Publié par La Rédaction le 3 Octobre 2025

La fréquentation des trains de nuit progresse fortement en France, portée par un regain d’intérêt des voyageurs et les objectifs de décarbonation des transports. Mais l’État a décidé de mettre fin à une subvention annuelle de 8 millions d’euros destinée à soutenir certaines liaisons internationales. Faute de ce financement, les lignes Paris-Berlin et Paris-Vienne cesseront de circuler à la fin de l’année.



En 2025, les trains de nuit occupent une place paradoxale dans le paysage ferroviaire européen. En France, un rapport du Réseau Action Climat (RAC) a mis en avant leur potentiel exceptionnel dans la transition écologique. La fréquentation est en plein essor, le public répond présent, et les perspectives de croissance semblent prometteuses. Pourtant, dans le même temps, plusieurs liaisons emblématiques, notamment Paris-Berlin et Paris-Vienne, vont être suspendues à la fin de l’année. Ce contraste illustre les tensions entre ambitions climatiques et réalités économiques, entre discours volontaristes et arbitrages budgétaires.

Le rapport du RAC, publié en mai 2025 et intitulé Le Réveil a sonné, dresse un bilan très positif des trains de nuit en France. En 2024, plus d’un million de passagers les ont empruntés, soit une progression de 26 % par rapport à 2023 et plus de 130 % par rapport à 2019. Le taux d’occupation moyen atteint 76 %, avec des records à 86 % sur des liaisons comme Paris-Toulouse. Autrement dit, la demande est bien réelle et dépasse même les prévisions. Le rapport souligne également que les trains de nuit permettent d’éviter des centaines de milliers de trajets en avion ou en voiture, contribuant ainsi de manière tangible à la réduction des émissions de gaz à effet de serre. Pour un trajet comme Paris-Nice ou Paris-Barcelone, l’empreinte carbone d’un passager est jusqu’à vingt fois inférieure à celle d’un vol.

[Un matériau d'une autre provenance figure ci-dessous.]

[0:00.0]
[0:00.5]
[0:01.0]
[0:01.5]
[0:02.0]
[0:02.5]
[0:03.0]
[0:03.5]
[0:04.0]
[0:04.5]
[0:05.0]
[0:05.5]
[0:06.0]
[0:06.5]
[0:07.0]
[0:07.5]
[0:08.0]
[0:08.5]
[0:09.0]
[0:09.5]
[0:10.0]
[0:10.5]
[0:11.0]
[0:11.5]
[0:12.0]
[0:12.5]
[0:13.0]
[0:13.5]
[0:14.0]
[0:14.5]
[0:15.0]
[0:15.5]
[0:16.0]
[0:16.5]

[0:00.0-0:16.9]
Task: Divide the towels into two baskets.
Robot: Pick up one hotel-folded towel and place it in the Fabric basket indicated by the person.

Mais cet essor est bridé par un obstacle majeur : le manque de matériel roulant. Entre 2014 et 2020, une grande partie des voitures couchettes a été mise hors service. Résultat, les trains actuels affichent souvent complet, et l’offre reste limitée alors que la demande explose. Conscient de cette faiblesse structurelle, l’État a lancé en 2025 un appel d’offres pour 180 voitures neuves et 27 locomotives, avec une extension possible à 340 voitures. Ce plan représente plusieurs centaines de millions d’euros et inclut des investissements dans des centres de maintenance. Le RAC salue cette initiative, mais insiste sur l’urgence : sans un renouvellement rapide du parc, les trains de nuit risquent de manquer le rendez-vous de la transition écologique.

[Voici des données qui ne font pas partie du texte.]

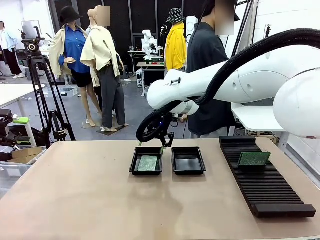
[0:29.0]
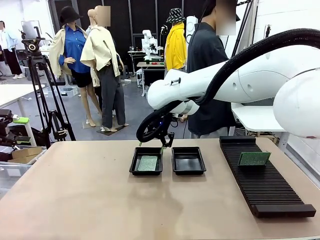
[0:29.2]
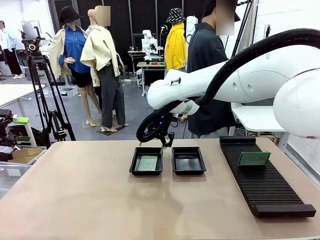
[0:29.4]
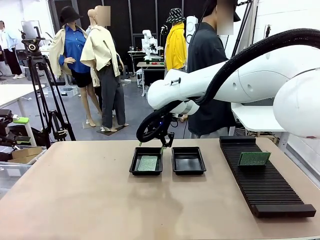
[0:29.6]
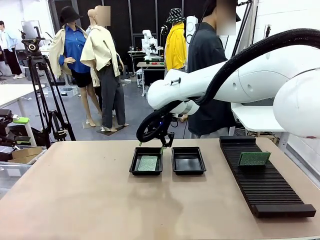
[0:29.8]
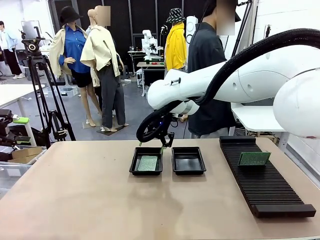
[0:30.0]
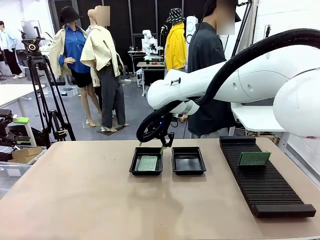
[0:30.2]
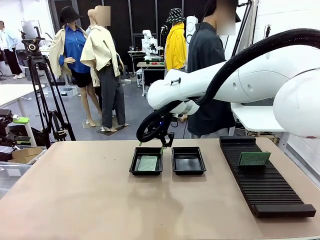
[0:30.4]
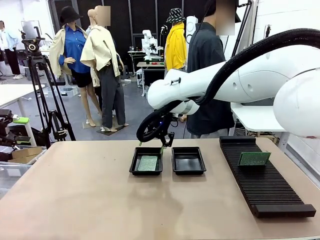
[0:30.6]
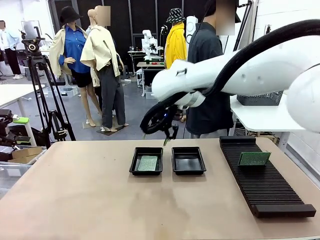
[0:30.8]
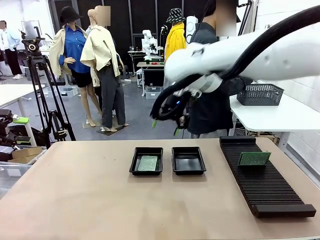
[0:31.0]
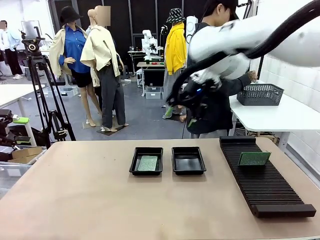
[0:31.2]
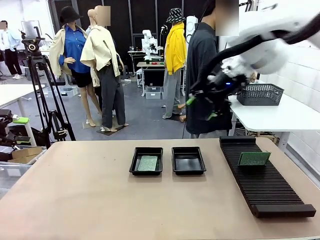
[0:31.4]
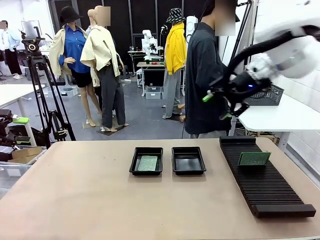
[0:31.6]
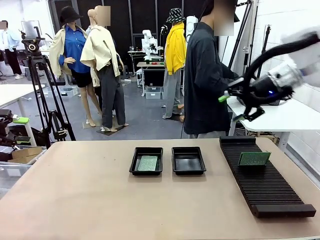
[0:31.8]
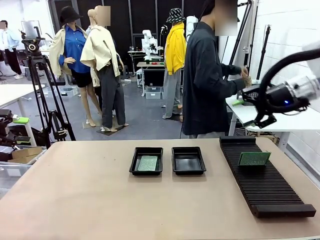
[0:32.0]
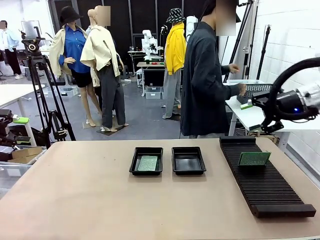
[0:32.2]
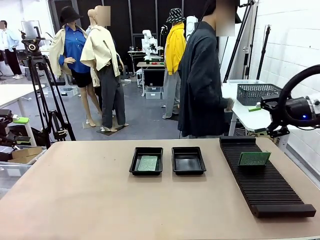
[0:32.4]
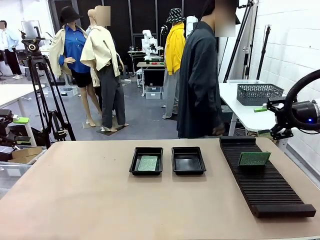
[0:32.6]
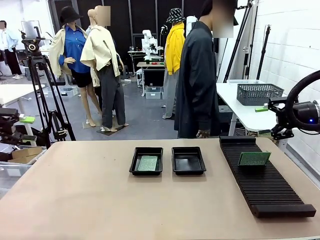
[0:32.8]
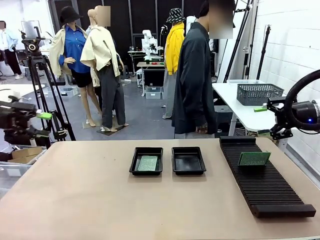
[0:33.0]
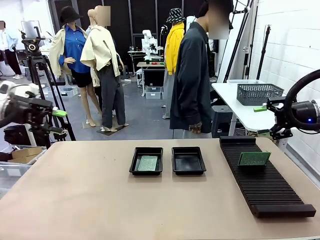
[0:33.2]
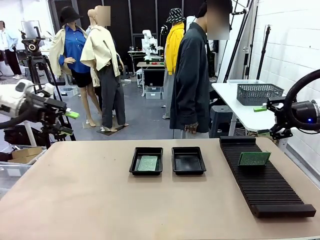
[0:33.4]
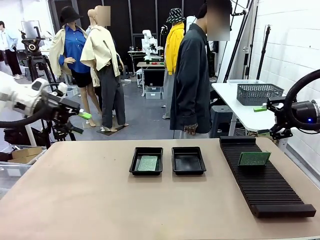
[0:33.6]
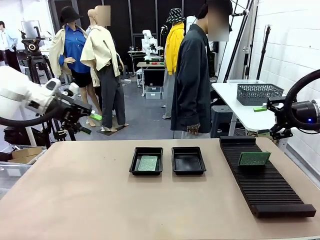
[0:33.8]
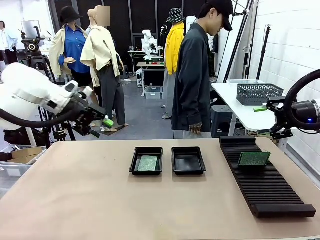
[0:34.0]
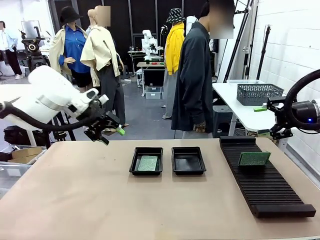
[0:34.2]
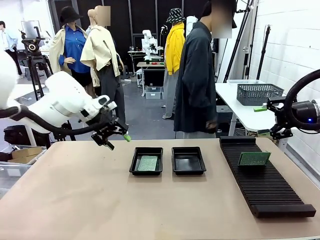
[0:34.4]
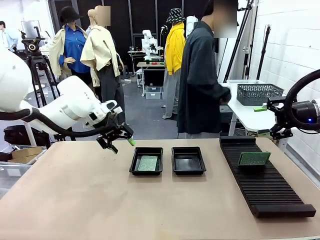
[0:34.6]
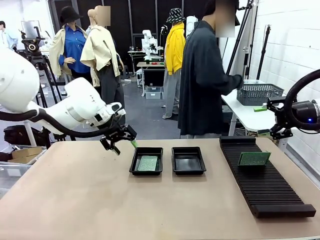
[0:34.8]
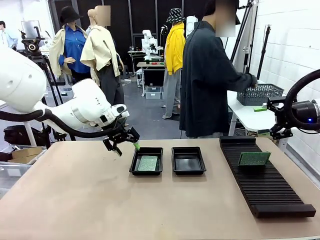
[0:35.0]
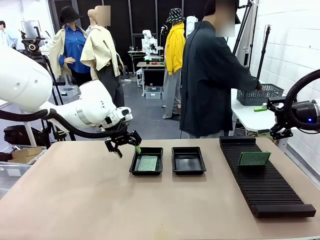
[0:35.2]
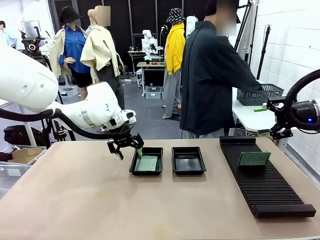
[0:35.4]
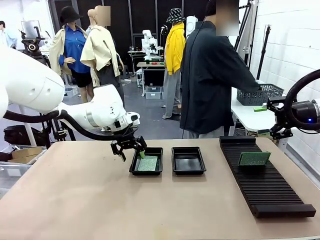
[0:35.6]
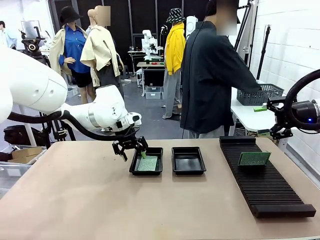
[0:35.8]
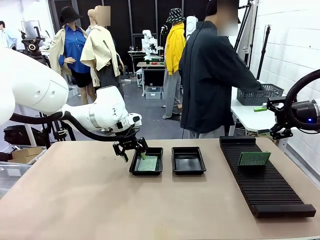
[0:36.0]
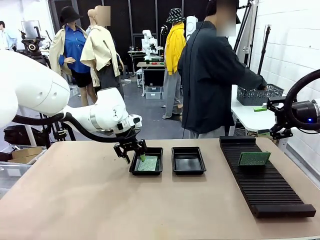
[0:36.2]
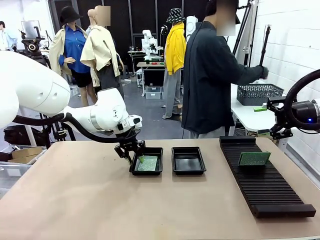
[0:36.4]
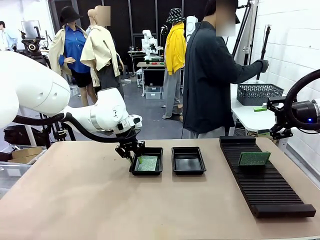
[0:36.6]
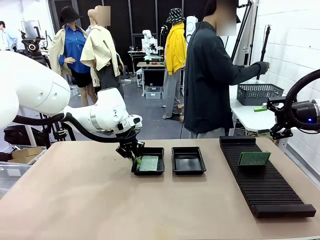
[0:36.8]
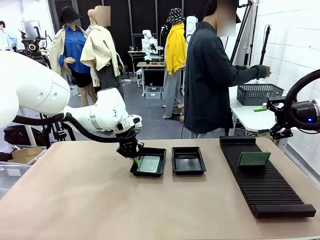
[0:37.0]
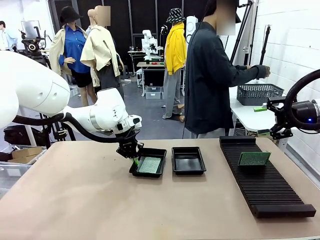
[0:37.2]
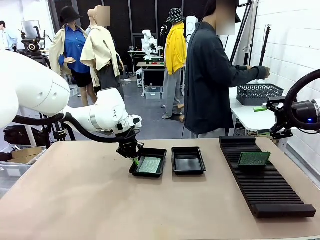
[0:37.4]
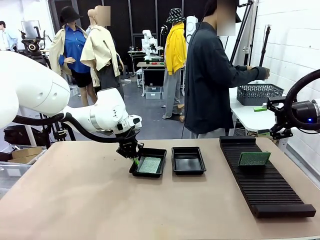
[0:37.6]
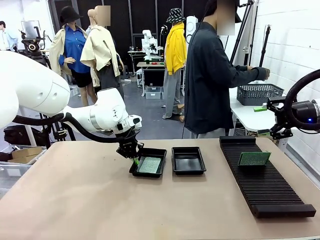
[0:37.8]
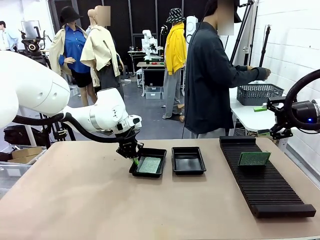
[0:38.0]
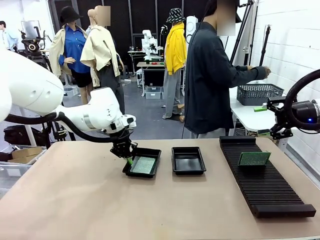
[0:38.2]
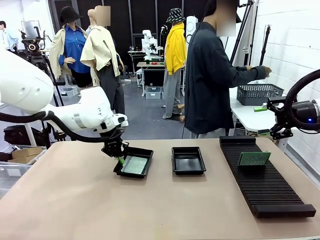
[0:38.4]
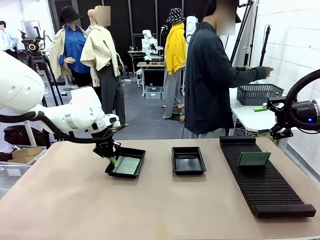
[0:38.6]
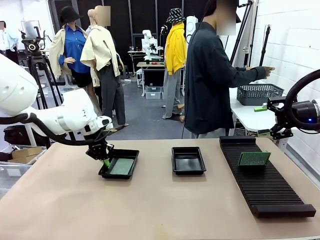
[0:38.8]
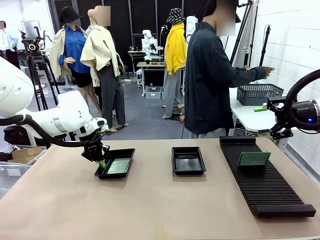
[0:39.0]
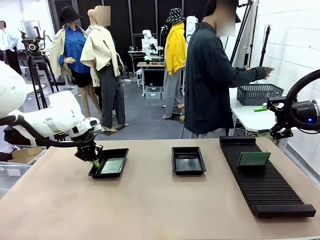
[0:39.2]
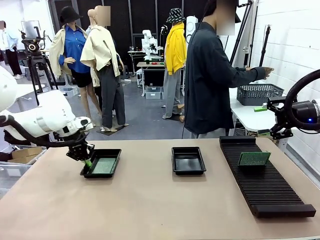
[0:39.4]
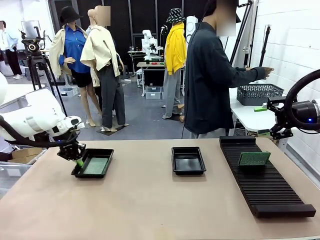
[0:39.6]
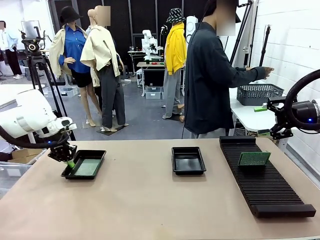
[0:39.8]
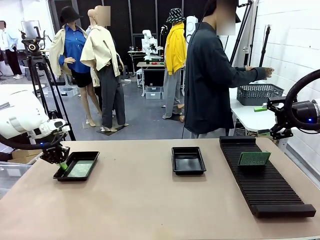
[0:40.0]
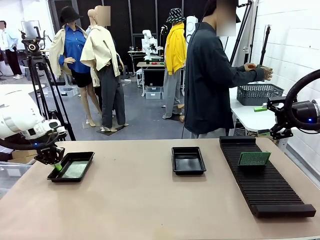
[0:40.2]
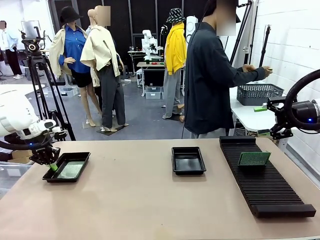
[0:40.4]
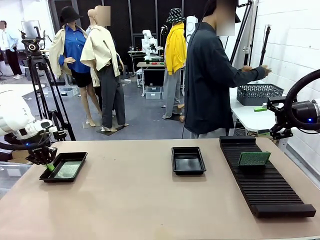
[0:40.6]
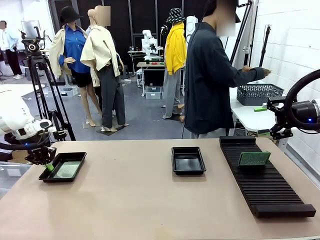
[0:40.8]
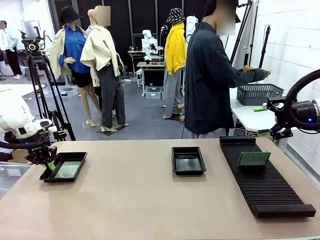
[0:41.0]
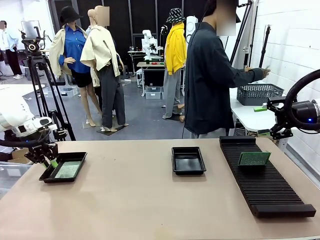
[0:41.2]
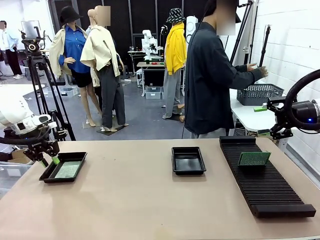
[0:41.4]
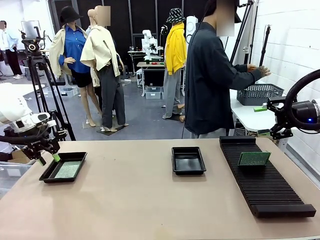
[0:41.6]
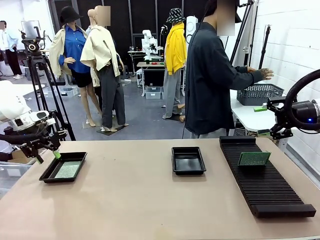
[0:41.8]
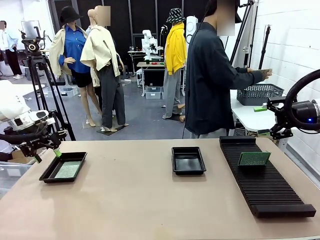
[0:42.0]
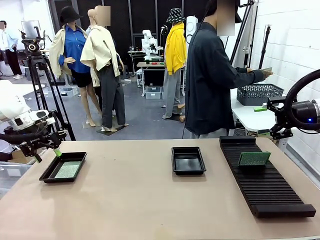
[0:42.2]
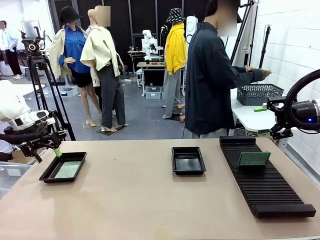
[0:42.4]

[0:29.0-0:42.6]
Task: Inspect and transfer BCBs to ESD trays.
Robot: Pick up the ESD tray and place it on the left side of the table.

Alors que ce rapport présente le train de nuit comme une réussite à consolider, une annonce a jeté une ombre sur cet optimisme. L’opérateur autrichien ÖBB, qui gère certaines liaisons internationales, a confirmé que les trains de nuit Paris-Berlin et Paris-Vienne seraient supprimés à compter de décembre 2025. Ces lignes, relancées en grande pompe au début des années 2020 comme symboles du retour du ferroviaire transfrontalier, n’ont pas trouvé les conditions de viabilité économique nécessaires à leur maintien. L’une des raisons invoquées est la fin du soutien financier de la France, qui a décidé de ne pas prolonger les subventions.

Ce paradoxe est frappant. D’un côté, la France affirme par des rapports et des appels d’offres vouloir relancer les trains de nuit, y compris à l’international. De l’autre, elle se retire d’un projet qui incarne précisément cette ambition de mobilité durable européenne. Les contradictions apparaissent à plusieurs niveaux.

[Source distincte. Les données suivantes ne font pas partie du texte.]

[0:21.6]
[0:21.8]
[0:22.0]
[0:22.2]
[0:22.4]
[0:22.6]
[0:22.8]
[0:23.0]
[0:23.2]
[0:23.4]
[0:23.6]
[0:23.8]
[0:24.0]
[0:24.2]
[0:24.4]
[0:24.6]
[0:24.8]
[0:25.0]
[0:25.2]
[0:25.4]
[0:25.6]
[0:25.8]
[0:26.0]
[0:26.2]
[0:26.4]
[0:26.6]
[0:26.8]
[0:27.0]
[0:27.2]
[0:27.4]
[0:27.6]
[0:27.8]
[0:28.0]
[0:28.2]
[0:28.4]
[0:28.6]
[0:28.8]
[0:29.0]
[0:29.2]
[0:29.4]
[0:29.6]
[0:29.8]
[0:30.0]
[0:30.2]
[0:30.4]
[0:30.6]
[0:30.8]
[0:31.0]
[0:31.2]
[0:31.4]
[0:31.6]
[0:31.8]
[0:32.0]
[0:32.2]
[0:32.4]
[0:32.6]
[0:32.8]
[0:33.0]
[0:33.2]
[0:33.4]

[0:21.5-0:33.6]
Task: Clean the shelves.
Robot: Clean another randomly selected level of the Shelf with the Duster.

La première contradiction tient à la relation entre la demande et l’offre. Le RAC insiste sur le fait que les trains de nuit en France sont souvent pleins et que des voyageurs ne trouvent pas de places, preuve que l’offre est insuffisante. Mais les liaisons internationales, même avec des taux d’occupation corrects, n’arrivent pas à couvrir leurs coûts. Exploiter un train de nuit est structurellement plus cher qu’un train de jour, car les rames circulent moins souvent et nécessitent plus de personnel pour la sécurité et l’accueil. Sans un mécanisme de financement public stable, la rentabilité reste hors de portée.

La deuxième contradiction réside dans le traitement différencié entre avion et train. Alors que le transport aérien bénéficie encore d’exemptions fiscales, notamment l’absence de taxe sur le kérosène, le rail doit se battre pour obtenir des subventions limitées et temporaires. Cette distorsion fragilise l’économie des trains de nuit et envoie un signal incohérent aux voyageurs comme aux opérateurs : l’avion reste indirectement favorisé, alors que le train est présenté comme l’avenir de la mobilité bas carbone.

La troisième contradiction est politique. L’État français met en avant des objectifs ambitieux de réduction des émissions à horizon 2030 et 2050, et encourage des rapports louant le rôle clé du rail. Mais lorsqu’il s’agit de prendre en charge les coûts réels d’exploitation de certaines lignes, il se retire. Ce manque de cohérence entre stratégie à long terme et arbitrages budgétaires à court terme risque de décrédibiliser la politique ferroviaire nationale et européenne.

Enfin, la quatrième contradiction concerne la dimension européenne. Le train de nuit est un mode de transport transfrontalier par excellence. Sa viabilité dépend de la coopération entre États et opérateurs, de l’harmonisation des normes et du partage des coûts. La suppression des liaisons Paris-Berlin et Paris-Vienne rappelle que les volontés nationales ne suffisent pas si elles ne s’inscrivent pas dans une stratégie européenne coordonnée. Pour que ces trains prospèrent, il faudrait un cadre d’aides publiques stabilisé au niveau de l’Union, capable de soutenir des lignes qui ne seront jamais rentables seules, mais qui sont d’un intérêt général évident pour le climat et la cohésion du continent.

Les enjeux sont clairs. Il s’agit d’abord de stabiliser un plan de financement pérenne, car les trains de nuit ne peuvent dépendre de subventions aléatoires. Il faut ensuite améliorer la visibilité de l’offre. Beaucoup de voyageurs potentiels ignorent l’existence des trains de nuit ou ne trouvent pas de billets facilement, ce qui limite leur attractivité. Il est également urgent de renouveler et moderniser le matériel roulant, pour offrir des conditions de confort comparables aux alternatives aériennes. Enfin, il convient de porter ce débat au niveau européen. La transition ferroviaire ne pourra réussir qu’avec une coopération renforcée, une adaptation des règles de concurrence et un engagement commun des États membres.